Stored data

------------------------------------------------------------

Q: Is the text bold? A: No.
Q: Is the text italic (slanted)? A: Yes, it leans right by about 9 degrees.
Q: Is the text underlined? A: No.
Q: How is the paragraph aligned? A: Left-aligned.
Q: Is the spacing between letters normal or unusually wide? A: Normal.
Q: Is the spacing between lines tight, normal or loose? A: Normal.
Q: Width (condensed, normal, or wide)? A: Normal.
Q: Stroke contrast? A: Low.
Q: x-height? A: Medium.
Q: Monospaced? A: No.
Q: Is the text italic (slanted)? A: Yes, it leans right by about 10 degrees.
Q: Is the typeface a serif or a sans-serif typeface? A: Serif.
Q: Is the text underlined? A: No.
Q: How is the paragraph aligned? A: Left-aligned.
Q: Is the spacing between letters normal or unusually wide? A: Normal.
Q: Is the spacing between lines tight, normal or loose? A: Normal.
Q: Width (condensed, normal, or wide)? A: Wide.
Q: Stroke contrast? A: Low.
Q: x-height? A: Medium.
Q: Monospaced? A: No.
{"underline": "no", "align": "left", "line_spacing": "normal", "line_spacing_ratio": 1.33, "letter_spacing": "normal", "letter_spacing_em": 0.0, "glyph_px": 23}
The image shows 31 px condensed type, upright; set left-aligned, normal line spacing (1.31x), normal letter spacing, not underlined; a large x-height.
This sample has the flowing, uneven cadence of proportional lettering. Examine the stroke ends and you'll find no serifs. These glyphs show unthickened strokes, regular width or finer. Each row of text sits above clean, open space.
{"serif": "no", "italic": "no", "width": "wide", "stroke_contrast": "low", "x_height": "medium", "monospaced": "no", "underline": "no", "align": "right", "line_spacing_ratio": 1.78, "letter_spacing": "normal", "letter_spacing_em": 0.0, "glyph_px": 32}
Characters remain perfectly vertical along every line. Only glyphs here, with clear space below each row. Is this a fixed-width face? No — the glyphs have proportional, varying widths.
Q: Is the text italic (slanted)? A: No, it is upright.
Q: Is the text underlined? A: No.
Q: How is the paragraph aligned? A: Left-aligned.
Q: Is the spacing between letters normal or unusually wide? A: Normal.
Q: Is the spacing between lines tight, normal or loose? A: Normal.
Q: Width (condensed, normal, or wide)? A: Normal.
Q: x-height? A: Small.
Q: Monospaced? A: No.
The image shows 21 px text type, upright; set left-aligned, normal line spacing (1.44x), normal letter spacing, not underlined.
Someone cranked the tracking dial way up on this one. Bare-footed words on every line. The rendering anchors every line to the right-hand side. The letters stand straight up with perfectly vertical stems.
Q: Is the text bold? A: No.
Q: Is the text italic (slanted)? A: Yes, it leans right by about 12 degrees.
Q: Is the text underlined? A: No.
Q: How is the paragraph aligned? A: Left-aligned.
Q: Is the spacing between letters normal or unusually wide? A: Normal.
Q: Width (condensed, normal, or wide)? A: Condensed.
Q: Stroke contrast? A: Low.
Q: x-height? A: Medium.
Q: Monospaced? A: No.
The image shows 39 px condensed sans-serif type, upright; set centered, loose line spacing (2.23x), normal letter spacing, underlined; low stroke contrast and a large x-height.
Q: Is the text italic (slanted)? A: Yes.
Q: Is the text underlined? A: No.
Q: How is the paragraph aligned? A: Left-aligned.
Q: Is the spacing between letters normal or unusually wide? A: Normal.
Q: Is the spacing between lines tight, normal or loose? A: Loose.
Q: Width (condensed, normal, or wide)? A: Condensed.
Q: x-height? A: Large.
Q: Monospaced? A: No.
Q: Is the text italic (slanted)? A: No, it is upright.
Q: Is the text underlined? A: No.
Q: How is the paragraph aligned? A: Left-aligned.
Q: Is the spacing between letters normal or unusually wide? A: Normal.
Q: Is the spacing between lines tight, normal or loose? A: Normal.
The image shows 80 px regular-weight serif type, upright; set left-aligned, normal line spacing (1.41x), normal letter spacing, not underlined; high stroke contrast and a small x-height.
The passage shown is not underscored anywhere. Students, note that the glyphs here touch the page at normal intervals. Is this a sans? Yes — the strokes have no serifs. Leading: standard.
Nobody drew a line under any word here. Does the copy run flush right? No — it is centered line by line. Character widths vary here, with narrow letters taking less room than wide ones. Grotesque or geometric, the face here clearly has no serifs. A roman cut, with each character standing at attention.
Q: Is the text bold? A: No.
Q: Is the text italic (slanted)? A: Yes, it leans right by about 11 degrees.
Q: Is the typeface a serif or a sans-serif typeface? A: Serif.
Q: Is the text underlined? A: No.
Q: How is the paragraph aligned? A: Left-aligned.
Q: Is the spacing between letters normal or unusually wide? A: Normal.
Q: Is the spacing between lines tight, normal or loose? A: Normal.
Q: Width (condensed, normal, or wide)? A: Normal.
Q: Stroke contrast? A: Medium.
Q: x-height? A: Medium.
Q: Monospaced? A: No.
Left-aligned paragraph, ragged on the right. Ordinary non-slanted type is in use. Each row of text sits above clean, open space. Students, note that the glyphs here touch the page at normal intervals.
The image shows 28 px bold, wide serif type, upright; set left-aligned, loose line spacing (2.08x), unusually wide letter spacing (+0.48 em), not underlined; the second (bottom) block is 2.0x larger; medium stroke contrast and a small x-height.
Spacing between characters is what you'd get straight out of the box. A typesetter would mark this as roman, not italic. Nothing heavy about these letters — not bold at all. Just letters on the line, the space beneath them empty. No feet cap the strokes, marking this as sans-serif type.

------------------------------------------------------------

* **About this task**
Throughout the data above, count the lines in which the word "leans" occurs; supply the number alone.

* **Answer to the exercise**
4